— Идем, — буркнул мне Макагон, выслушав наставления тренера.
Мы пролезли под канаты, вышли на ринг и начали кружить по нему, изредка постукивая друг друга. Макагон лениво отмахивался, пугал меня, тыкал ладонью то в грудь, то в челюсть, как бы молча подсказывая: вот, мол, ты в этом месте открыт, прикройся. Я тоже попытался так же баловаться, но мои перчатки все время натыкались на его локти, на перчатки. Я начинал злиться. Мне не хотелось, но я чувствовал, что «завожусь», и не мог подавить это в себе. И поэтому все сильнее и сильнее раздражался.
И все-таки я улучил момент, когда Макагон чуть раскрылся, и ударил…
В то же мгновение мне будто торцом бревна двинули в лоб, зашумело в ушах, во рту стало приторно сладко.
— Ничего, — улыбнувшись, кивнул я Макагону и молча прошептал себе: «Ничего, ничего».
И ринулся на Макагона. И даже не заметил, как Макагон ткнул мне перчаткой под левый глаз, гулко чвакнуло, будто на пол упало сырое яичко, голову мою рывком отбросило назад.
— Стоп! — закричал тренер. — Стоп, стоп! Хватит! Макагон, я просил не увлекаться!
— Извини, — сказал мне Макагон и перчаткой дружески похлопал по спине.
Торопливо умывшись и одевшись, я вышел на улицу. Мне почему-то было очень весело. Что-то невысказанное, будоражащее, переполняя, бурлило во мне. Я пошел к морю. Перепрыгивая через испачканные нефтью, скользкие, будто тюлени, камни, сбежал к воде. Умыл лицо. Вода была ледяной, и у нее был запах тающего снега. Она была такой холодной, полярной, что ломило руки. Потом я взбежал на сопку и стал у самого края обрыва. По морю, по его свинцово-серой поверхности, таща за кормой белые буруны, двигались три торпедных катера. Шли быстро, но звука не было слышно. И только когда катера ушли далеко в сторону, до меня докатился рев моторов.

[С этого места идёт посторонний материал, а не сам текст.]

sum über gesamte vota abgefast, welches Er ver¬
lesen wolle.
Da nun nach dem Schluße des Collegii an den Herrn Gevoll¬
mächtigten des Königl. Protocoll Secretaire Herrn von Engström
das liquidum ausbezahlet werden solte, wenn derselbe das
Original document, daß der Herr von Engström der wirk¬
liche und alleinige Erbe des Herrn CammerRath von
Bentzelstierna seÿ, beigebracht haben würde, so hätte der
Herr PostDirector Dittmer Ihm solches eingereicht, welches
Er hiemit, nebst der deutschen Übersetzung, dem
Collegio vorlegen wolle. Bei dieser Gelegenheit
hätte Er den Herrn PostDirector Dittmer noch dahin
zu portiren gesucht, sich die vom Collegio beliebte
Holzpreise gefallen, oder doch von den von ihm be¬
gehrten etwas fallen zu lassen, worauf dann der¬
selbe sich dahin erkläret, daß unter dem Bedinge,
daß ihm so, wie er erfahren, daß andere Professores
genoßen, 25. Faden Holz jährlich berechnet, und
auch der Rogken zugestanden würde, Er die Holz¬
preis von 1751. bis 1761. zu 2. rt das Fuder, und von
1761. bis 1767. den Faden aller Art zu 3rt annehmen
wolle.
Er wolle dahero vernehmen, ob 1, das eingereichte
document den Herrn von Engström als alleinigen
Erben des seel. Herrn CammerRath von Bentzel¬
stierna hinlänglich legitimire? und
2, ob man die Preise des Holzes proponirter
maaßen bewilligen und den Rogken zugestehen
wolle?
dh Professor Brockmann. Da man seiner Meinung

Первой из знакомых, кто увидел меня в новом качестве, была Вера. Мы повстречались возле гостиницы. Вера остановилась, всмотрелась в мое лицо, языком перекинула папиросу из одного уголка рта в другой, пожевала ее и спросила строго:
— Кто это тебя?
— Что? — будто не поняв вопроса, сказал я, глянув на нее своим единственным, как у Полифема, оком.
— Подрался?
— Нет.
— Упал?
— Нет.
— А что же?
— Долго рассказывать, — как можно непринужденнее ответил я.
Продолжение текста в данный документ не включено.